To help the researcher evaluate these matches, SimGlycan software highlights the experimental m/z values matching those of the theoretical spectra. To aid in visualization, each match can be represented using cartoons or Domon-Costello nomenclature. Cartoons are constructed using standard Consortium for Functional Glycomics (CFG) nomenclature for monosaccharides (custom symbols are used where CFG annotations are not available).
To aid in interpretation of overall results, additional relevant biological information about the proposed glycan structure (for example, glycan class and biological pathway) are available via interactive links.
Figure 2 shows an example of the results obtained at this stage of the workflow—at the MS/MS level. Though structural interpretation can be performed using MS/MS-level spectral data, it’s very difficult if not impossible to determine structural isomers without MSn-level spectral data. Examination of the glycan list generated by SimGlycan software often reveals additional glycan compositions having identical mass that are scored much lower.
In some cases, when the experimental spectrum is mapped onto the theoretical spectrum, peaks showing high abundance remain unexplained. Though reported to have a much lower probability of matching the MS/MS spectrum, these glycans could be additional isomers present in the sample.

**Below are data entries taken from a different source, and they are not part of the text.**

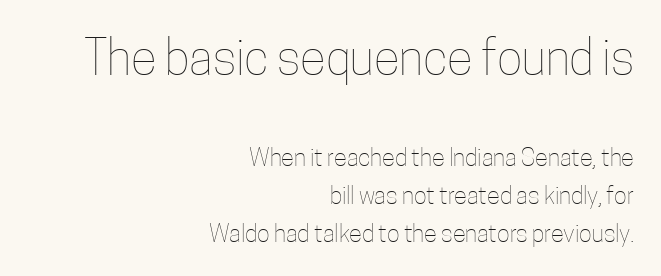
Q: Is the text bold? A: No.
Q: Is the text italic (slanted)? A: No, it is upright.
Q: Is the text underlined? A: No.
Q: How is the paragraph aligned? A: Right-aligned.
Q: Is the spacing between letters normal or unusually wide? A: Normal.
Q: Is the spacing between lines tight, normal or loose? A: Normal.
Q: Which block of text is set in a larger size, the first (top) or the second (bottom)? A: The first (top) one.
Q: Width (condensed, normal, or wide)? A: Condensed.
Q: Stroke contrast? A: Low.
Q: x-height? A: Medium.
Q: Monospaced? A: No.
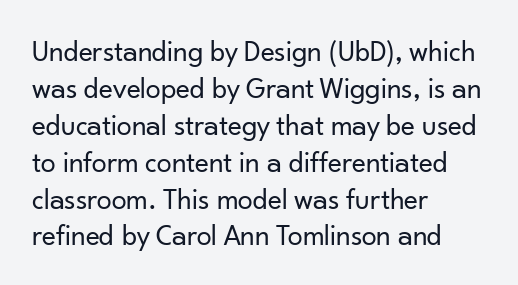
{"serif": "no", "italic": "no", "bold": "no", "weight": "regular", "width": "normal", "stroke_contrast": "low", "x_height": "small", "monospaced": "no", "underline": "no", "align": "left", "line_spacing_ratio": 1.23, "letter_spacing": "normal", "letter_spacing_em": 0.0, "glyph_px": 30}
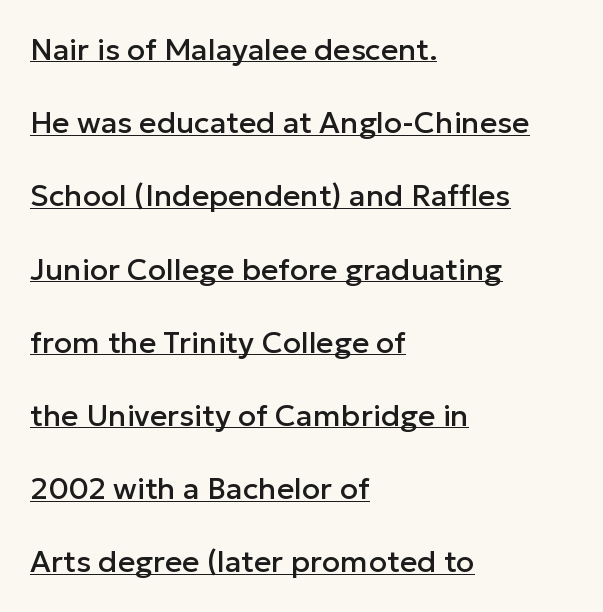
The image shows 30 px sans-serif type, upright; set left-aligned, loose line spacing (2.44x), normal letter spacing, underlined; low stroke contrast and a medium x-height.

To characterize a lower-ranked glycan structure, sets of sequential MSn spectra are acquired for unmatched fragment ions. Each successive level of MSn fragmentation spectra is then brought into SimGlycan software to compare the experimental and predicted MSn fragmentation pathway. The software generates an annotated spectrum depicting the fragmentation matches and loss of consecutive monosaccharide units. As the level of MSn increases, the fragments generated become increasingly structure specific and thus aid in characterizing specific structures, isomers, and branching patterns. Figure 3 shows the MS7 fragmentation pathway for the glycan (Gal)(Man)4(GlcNAc)4.

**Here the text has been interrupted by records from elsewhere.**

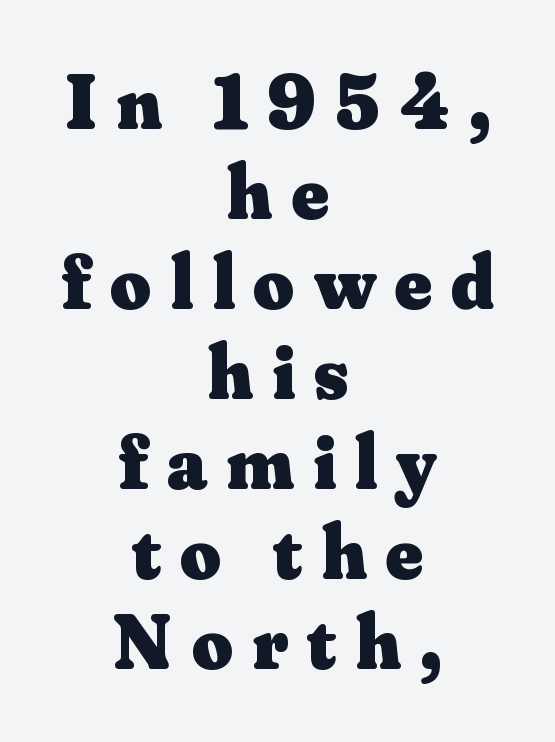
Do the characters align in a grid? No, the font is proportional. The baseline area is clear. The font's upright variant was chosen for this text. Does the leading feel generous? Not at all — it's pinched.
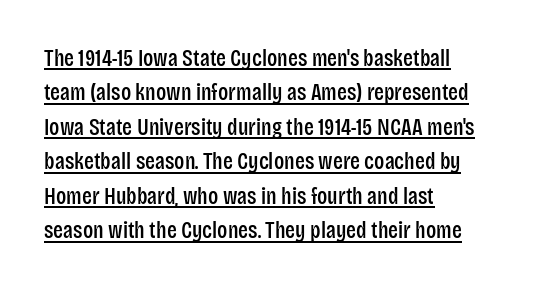
The image shows 23 px text type, upright; set left-aligned, normal line spacing (1.5x), normal letter spacing, underlined.
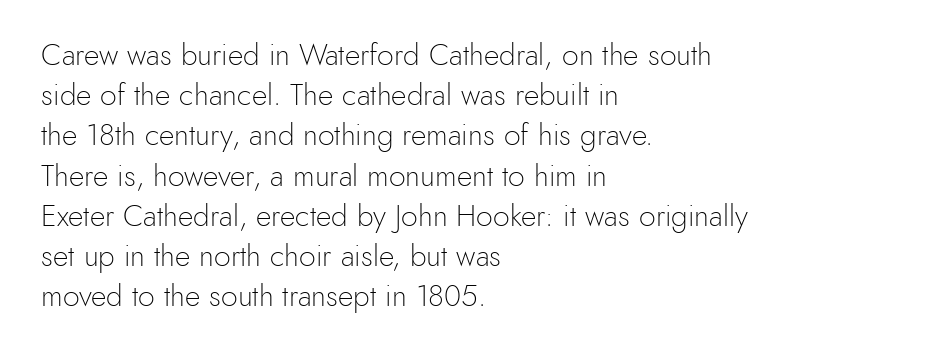
These lines stack with their left ends in a neat column. Nobody touched the tracking dial on this one. Every character sits straight up, as roman type does. The type family on display is of the sans-serif kind. Quick note: underline off. Weight: in the light-to-regular range.

If the MS/MS database search does not resolve a glycan structure, SimGlycan software allows the researcher to draw, edit, and “theoretically” fragment glycan structures. Theoretical fragmentation of the drawn structure assists the researcher in comparing experimental and theoretical data in order to determine whether the modification brings the theoretical glycan closer to the experimental data. This assists in resolving glycan structures when data for the glycans is not yet available in the software database or for de novo glycan analysis.
Because glycans perform essential roles in biological processes and have the potential to act as markers for disease, they are of intense interest. However, the complex branching and isomeric nature of glycans make them difficult to characterize. Though mass spectrometry, and in particular MSn, has emerged as a powerful technique to aid in glycan structural elucidation, MS-based workflows generate enormous amounts of spectral data that required tedious manual interpretation. Recent developments in bioinformatics software now enable an MS-based workflow that dramatically accelerates glycan characterization by facilitating interpretation of MSn data.